Work item - Spot each line in the data below containing "http" and copy it.

-- Dataset excerpts follows --

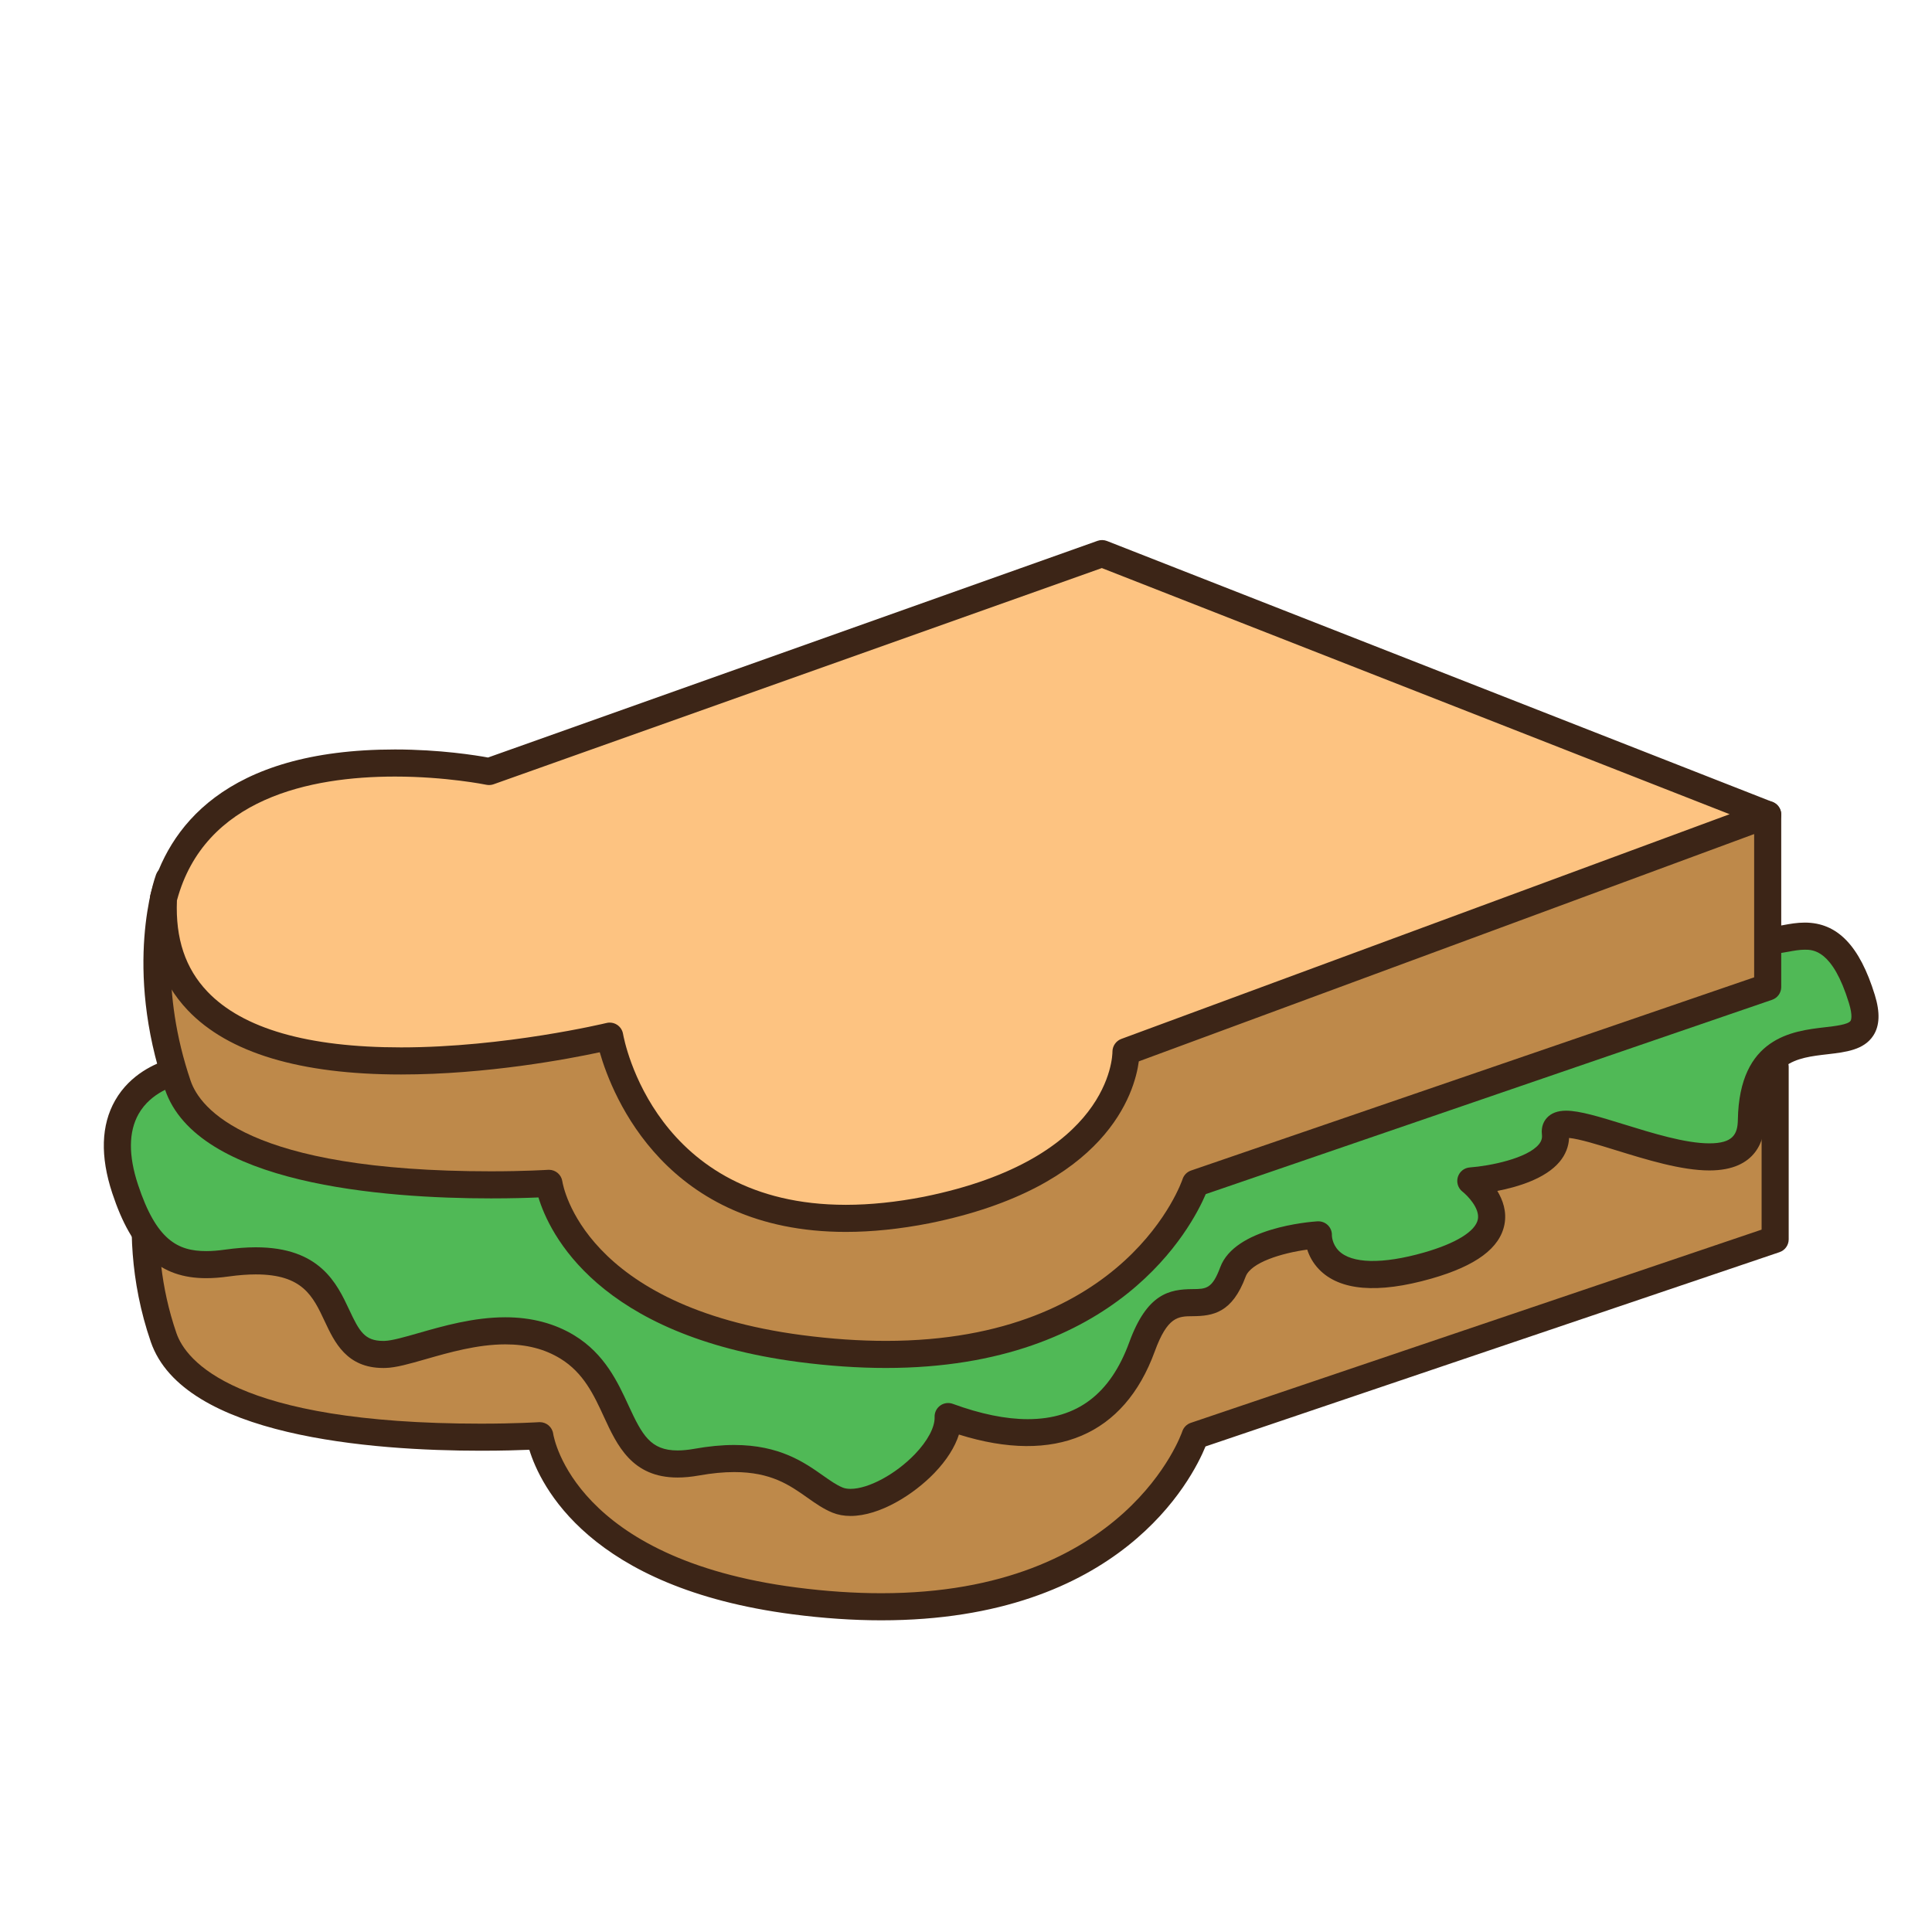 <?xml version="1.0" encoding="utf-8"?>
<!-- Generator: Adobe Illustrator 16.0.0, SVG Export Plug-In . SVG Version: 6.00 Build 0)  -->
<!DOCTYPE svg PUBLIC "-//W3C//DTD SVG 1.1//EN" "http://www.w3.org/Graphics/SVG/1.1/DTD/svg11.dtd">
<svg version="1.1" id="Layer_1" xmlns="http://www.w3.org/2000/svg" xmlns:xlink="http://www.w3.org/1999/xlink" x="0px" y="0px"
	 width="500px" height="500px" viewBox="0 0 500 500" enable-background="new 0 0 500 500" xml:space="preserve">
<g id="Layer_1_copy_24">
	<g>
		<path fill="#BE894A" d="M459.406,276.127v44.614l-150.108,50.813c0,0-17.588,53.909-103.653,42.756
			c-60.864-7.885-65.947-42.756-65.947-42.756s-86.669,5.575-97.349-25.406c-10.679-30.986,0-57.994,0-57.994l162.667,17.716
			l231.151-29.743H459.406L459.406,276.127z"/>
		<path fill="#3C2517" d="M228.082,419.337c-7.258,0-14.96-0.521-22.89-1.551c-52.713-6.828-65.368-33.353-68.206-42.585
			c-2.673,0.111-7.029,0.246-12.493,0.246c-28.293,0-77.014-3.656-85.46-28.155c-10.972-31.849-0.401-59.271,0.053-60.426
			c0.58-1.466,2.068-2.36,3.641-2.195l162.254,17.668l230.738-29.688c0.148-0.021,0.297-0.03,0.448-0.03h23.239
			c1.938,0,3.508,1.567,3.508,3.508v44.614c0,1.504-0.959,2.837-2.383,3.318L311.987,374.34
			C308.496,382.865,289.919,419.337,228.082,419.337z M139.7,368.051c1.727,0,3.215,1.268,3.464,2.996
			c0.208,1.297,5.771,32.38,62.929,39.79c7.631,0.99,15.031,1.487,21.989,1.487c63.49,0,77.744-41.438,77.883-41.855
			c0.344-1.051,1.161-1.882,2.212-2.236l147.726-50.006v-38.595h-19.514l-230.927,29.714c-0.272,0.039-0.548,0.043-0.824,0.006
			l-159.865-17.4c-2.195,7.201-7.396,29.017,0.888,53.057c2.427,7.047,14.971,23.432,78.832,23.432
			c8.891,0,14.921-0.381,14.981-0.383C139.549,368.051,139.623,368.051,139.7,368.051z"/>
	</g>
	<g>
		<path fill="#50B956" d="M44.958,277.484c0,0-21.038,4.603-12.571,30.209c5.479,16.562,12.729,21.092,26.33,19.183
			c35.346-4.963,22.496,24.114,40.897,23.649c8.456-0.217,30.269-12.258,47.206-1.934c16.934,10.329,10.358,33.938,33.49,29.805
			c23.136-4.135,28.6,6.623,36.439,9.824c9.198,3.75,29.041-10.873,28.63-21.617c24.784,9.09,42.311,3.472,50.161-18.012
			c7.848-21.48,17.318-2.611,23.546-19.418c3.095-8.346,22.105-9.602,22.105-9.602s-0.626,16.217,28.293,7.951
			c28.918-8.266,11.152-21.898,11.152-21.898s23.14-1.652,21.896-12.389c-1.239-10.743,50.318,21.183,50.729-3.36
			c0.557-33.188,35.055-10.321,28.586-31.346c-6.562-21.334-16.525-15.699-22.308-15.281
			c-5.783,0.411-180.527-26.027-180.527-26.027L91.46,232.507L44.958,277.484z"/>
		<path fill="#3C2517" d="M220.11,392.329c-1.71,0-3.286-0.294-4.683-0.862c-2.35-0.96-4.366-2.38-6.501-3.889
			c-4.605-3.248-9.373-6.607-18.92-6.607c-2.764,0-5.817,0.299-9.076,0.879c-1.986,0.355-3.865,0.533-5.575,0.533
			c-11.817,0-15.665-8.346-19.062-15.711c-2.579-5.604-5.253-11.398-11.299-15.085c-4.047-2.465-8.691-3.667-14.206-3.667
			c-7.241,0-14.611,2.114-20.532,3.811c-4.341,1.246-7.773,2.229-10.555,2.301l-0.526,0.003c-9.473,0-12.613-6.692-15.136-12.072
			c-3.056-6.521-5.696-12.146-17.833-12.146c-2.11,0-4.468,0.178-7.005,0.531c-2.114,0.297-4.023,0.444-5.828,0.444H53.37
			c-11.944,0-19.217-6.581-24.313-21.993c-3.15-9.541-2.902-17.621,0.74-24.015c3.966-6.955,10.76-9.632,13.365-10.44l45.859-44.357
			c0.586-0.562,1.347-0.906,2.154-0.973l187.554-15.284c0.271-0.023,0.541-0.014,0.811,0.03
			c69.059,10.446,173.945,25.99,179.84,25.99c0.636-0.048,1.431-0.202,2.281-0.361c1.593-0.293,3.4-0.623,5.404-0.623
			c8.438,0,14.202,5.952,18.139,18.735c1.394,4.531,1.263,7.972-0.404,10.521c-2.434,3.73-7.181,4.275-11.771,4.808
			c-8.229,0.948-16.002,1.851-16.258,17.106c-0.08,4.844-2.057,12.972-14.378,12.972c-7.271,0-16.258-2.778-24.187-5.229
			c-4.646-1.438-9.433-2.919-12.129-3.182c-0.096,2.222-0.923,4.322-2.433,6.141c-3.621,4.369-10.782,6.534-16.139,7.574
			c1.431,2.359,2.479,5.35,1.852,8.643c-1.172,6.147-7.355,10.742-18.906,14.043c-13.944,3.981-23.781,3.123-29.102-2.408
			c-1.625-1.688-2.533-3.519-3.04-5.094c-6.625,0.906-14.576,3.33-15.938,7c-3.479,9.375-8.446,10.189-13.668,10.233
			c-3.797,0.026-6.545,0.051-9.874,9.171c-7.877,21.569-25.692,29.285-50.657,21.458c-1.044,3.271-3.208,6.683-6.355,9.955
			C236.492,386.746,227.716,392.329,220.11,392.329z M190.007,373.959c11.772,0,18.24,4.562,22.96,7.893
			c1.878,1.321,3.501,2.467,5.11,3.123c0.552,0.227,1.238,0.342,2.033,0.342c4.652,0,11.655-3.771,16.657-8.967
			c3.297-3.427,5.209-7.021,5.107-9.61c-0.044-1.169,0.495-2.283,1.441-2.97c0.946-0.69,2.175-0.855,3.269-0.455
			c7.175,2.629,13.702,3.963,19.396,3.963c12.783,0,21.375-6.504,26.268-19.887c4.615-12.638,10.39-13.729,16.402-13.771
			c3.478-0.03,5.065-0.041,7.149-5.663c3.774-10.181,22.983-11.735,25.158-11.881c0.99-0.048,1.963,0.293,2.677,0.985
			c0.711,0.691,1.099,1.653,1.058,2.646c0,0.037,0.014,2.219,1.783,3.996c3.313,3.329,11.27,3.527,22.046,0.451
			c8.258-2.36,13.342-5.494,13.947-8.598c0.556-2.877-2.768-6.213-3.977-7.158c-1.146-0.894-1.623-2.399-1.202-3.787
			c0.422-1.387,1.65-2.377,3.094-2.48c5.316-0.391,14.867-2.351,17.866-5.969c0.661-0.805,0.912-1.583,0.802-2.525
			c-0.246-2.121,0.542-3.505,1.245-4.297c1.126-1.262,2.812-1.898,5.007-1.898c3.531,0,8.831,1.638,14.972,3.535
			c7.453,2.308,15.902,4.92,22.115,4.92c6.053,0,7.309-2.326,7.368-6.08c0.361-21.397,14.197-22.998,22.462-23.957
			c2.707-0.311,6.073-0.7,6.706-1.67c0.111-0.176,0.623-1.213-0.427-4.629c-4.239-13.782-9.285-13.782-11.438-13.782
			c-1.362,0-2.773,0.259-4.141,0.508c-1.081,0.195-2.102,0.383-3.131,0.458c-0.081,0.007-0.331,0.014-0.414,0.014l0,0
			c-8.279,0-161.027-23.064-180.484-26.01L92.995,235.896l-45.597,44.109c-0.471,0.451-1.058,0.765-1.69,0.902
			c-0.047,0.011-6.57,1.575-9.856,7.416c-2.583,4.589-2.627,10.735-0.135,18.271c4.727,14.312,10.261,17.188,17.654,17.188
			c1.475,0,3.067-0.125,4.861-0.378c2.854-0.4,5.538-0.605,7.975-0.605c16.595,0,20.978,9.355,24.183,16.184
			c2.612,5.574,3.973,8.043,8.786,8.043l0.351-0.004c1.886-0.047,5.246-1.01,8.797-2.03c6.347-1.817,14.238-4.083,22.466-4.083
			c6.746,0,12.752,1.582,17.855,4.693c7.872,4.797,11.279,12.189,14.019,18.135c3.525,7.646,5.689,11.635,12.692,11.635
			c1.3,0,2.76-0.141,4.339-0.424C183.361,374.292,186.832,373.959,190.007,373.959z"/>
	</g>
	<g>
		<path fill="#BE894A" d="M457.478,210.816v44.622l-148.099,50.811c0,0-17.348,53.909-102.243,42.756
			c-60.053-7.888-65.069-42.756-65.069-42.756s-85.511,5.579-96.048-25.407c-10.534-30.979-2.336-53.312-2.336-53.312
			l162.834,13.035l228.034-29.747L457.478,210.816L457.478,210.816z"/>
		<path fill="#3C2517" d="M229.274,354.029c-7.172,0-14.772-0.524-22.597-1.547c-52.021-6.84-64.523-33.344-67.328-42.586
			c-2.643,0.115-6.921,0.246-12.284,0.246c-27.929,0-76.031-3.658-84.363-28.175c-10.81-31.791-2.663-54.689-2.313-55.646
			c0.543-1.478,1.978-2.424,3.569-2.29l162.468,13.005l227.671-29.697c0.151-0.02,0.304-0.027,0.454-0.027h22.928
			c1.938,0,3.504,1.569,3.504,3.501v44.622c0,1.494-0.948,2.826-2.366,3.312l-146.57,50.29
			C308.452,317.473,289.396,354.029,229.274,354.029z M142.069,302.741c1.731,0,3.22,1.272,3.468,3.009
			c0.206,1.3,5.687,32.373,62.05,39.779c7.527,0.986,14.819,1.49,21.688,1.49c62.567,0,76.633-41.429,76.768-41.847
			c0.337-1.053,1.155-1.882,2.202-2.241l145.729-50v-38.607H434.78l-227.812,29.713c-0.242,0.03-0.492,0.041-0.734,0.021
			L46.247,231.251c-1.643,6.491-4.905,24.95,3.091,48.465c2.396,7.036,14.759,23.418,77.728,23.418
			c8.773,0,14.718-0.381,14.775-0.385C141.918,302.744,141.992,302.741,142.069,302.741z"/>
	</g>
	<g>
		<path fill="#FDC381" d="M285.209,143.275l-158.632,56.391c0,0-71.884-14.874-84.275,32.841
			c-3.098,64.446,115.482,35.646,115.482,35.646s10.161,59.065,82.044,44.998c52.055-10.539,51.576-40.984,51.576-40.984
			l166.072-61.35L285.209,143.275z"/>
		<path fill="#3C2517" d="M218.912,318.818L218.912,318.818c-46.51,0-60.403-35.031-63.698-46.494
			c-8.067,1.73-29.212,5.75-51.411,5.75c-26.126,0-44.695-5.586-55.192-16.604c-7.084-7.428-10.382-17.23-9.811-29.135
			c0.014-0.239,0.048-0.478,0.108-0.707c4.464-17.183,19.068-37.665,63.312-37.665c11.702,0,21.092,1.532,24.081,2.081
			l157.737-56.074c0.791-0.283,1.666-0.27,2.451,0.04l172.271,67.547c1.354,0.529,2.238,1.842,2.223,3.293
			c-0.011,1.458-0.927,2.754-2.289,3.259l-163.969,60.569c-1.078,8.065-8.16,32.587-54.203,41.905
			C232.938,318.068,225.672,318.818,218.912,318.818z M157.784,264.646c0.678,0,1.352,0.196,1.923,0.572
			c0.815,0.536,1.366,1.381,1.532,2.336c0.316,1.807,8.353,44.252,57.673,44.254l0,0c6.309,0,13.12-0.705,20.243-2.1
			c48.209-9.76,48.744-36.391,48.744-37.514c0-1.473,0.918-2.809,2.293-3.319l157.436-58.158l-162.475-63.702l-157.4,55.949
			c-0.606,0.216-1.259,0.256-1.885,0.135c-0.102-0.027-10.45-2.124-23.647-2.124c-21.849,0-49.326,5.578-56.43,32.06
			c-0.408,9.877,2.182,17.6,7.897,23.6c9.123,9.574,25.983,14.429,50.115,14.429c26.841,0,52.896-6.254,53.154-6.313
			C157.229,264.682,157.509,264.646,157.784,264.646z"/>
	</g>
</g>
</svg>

-- Dataset excerpts concluded --

Result -
<!DOCTYPE svg PUBLIC "-//W3C//DTD SVG 1.1//EN" "http://www.w3.org/Graphics/SVG/1.1/DTD/svg11.dtd">
<svg version="1.1" id="Layer_1" xmlns="http://www.w3.org/2000/svg" xmlns:xlink="http://www.w3.org/1999/xlink" x="0px" y="0px"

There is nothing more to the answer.